What the task asks | Where the line with "2h20v20H2V2Zm2 2v16h7V4H4Zm9 1.414v6.172l7" appears below, start writing out lines exactly, and finish with the line with "47.12-9.992-9.992a2.98 2.98 0", which is included; write out nothing else.

(Saved entries)
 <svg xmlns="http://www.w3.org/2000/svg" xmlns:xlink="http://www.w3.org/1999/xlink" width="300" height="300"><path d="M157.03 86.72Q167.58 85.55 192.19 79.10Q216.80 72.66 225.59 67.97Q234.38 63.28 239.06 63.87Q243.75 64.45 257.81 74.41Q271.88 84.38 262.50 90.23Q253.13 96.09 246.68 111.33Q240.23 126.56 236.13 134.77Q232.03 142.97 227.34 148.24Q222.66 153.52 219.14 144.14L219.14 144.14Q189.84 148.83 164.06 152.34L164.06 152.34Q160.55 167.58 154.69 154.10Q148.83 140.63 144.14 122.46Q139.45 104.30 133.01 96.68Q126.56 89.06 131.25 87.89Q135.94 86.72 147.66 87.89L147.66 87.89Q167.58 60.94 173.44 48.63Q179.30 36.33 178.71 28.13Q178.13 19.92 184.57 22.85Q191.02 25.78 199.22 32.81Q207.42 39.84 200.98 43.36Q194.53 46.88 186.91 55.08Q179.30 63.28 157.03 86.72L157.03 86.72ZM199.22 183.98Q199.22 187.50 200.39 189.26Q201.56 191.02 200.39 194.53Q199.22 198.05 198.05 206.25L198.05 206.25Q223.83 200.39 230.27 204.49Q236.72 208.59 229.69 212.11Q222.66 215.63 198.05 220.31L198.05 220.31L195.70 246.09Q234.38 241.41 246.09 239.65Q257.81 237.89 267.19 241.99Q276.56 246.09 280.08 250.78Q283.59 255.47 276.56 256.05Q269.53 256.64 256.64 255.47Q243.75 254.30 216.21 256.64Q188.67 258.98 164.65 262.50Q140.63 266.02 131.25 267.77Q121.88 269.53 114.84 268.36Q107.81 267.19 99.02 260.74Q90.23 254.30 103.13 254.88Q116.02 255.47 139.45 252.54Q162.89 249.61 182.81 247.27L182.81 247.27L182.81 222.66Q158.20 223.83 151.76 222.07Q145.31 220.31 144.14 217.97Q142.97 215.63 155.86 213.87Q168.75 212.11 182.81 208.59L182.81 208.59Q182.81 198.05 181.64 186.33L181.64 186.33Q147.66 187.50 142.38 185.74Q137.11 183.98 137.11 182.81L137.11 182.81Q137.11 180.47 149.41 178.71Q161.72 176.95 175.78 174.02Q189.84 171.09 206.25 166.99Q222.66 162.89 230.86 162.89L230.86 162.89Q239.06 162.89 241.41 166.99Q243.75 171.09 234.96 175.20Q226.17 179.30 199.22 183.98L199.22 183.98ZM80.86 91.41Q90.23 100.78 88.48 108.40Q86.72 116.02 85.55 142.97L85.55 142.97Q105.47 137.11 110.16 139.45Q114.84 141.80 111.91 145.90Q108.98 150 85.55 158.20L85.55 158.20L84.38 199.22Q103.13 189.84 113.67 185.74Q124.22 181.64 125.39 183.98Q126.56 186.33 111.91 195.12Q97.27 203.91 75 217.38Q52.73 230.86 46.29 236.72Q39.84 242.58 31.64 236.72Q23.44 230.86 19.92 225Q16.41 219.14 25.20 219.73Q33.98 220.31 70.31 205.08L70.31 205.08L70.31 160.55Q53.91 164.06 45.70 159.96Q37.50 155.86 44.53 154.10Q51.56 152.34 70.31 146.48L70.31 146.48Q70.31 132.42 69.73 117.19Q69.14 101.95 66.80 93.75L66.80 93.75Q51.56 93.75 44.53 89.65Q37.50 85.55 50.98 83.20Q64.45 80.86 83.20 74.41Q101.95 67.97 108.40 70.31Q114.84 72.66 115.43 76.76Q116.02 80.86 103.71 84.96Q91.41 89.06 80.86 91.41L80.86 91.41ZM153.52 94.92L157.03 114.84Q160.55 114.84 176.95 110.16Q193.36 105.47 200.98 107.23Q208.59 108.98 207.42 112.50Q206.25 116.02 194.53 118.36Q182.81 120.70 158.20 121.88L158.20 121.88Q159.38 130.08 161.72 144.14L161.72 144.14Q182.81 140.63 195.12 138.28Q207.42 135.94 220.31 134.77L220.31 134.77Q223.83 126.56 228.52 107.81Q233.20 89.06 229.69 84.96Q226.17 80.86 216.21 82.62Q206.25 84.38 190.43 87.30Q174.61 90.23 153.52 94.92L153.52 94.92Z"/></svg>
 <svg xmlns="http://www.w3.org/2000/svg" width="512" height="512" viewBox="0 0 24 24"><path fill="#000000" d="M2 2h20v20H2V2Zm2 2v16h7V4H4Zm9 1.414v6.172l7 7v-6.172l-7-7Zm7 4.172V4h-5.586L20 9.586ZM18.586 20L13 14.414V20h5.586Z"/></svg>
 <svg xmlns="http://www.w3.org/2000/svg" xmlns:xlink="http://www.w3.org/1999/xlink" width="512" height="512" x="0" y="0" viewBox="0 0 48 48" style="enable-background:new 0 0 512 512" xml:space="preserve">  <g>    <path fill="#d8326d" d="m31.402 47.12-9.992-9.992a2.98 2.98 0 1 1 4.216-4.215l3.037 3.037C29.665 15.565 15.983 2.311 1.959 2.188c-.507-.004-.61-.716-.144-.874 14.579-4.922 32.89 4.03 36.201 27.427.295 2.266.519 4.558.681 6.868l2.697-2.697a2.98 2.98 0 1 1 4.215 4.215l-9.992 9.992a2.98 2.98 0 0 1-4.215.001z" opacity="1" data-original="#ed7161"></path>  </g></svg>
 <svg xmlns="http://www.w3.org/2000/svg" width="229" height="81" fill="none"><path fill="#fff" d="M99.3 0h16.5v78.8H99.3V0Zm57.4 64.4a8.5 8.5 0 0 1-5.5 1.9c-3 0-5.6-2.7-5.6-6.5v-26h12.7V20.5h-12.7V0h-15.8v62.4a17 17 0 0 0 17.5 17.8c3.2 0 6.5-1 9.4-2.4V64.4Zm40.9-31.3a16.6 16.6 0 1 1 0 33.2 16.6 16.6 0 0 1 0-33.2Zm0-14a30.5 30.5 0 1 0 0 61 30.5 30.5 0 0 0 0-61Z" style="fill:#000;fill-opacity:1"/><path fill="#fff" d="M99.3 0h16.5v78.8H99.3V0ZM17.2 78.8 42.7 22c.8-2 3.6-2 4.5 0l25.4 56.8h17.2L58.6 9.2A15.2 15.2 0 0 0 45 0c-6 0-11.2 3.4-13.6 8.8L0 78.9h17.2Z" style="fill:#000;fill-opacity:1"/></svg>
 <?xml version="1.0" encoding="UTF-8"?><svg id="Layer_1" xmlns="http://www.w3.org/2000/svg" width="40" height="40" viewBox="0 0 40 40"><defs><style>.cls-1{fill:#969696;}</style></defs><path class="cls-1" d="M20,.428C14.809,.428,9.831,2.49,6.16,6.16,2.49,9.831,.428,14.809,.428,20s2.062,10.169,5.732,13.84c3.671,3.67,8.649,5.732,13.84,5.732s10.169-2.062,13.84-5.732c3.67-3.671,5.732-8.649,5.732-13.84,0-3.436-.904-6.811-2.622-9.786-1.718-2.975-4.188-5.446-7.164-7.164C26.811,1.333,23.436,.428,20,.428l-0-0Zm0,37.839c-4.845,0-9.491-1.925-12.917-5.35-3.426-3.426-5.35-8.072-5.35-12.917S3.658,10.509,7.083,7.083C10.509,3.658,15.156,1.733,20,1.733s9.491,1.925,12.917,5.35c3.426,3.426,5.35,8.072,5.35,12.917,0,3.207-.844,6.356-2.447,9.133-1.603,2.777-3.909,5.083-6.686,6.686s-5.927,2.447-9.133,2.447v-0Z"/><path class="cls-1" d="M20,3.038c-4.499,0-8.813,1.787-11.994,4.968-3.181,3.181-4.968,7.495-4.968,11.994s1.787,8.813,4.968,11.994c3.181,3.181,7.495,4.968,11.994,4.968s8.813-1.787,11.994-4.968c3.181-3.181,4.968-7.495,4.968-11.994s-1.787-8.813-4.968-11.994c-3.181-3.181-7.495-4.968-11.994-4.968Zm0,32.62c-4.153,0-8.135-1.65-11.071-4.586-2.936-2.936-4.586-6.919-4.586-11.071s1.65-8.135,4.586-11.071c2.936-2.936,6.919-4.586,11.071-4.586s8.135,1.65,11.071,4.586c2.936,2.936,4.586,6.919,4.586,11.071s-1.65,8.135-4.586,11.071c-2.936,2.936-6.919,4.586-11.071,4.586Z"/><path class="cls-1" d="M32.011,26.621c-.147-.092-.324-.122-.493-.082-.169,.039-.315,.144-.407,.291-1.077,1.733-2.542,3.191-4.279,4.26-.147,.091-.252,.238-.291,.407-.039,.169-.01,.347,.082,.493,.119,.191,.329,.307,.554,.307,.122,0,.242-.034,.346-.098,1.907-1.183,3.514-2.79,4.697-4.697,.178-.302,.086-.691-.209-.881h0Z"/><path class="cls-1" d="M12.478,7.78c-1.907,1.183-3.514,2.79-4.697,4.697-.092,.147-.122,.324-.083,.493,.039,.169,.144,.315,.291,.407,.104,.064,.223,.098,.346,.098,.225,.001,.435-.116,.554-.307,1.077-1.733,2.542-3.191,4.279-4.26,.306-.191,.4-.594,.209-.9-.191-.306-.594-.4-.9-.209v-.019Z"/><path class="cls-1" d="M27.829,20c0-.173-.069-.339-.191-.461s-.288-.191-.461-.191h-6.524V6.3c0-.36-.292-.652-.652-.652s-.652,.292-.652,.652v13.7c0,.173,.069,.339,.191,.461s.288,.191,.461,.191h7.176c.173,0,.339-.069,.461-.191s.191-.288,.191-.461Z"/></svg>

Answer |
 <svg xmlns="http://www.w3.org/2000/svg" width="512" height="512" viewBox="0 0 24 24"><path fill="#000000" d="M2 2h20v20H2V2Zm2 2v16h7V4H4Zm9 1.414v6.172l7 7v-6.172l-7-7Zm7 4.172V4h-5.586L20 9.586ZM18.586 20L13 14.414V20h5.586Z"/></svg>
 <svg xmlns="http://www.w3.org/2000/svg" xmlns:xlink="http://www.w3.org/1999/xlink" width="512" height="512" x="0" y="0" viewBox="0 0 48 48" style="enable-background:new 0 0 512 512" xml:space="preserve">  <g>    <path fill="#d8326d" d="m31.402 47.12-9.992-9.992a2.98 2.98 0 1 1 4.216-4.215l3.037 3.037C29.665 15.565 15.983 2.311 1.959 2.188c-.507-.004-.61-.716-.144-.874 14.579-4.922 32.89 4.03 36.201 27.427.295 2.266.519 4.558.681 6.868l2.697-2.697a2.98 2.98 0 1 1 4.215 4.215l-9.992 9.992a2.98 2.98 0 0 1-4.215.001z" opacity="1" data-original="#ed7161"></path>  </g></svg>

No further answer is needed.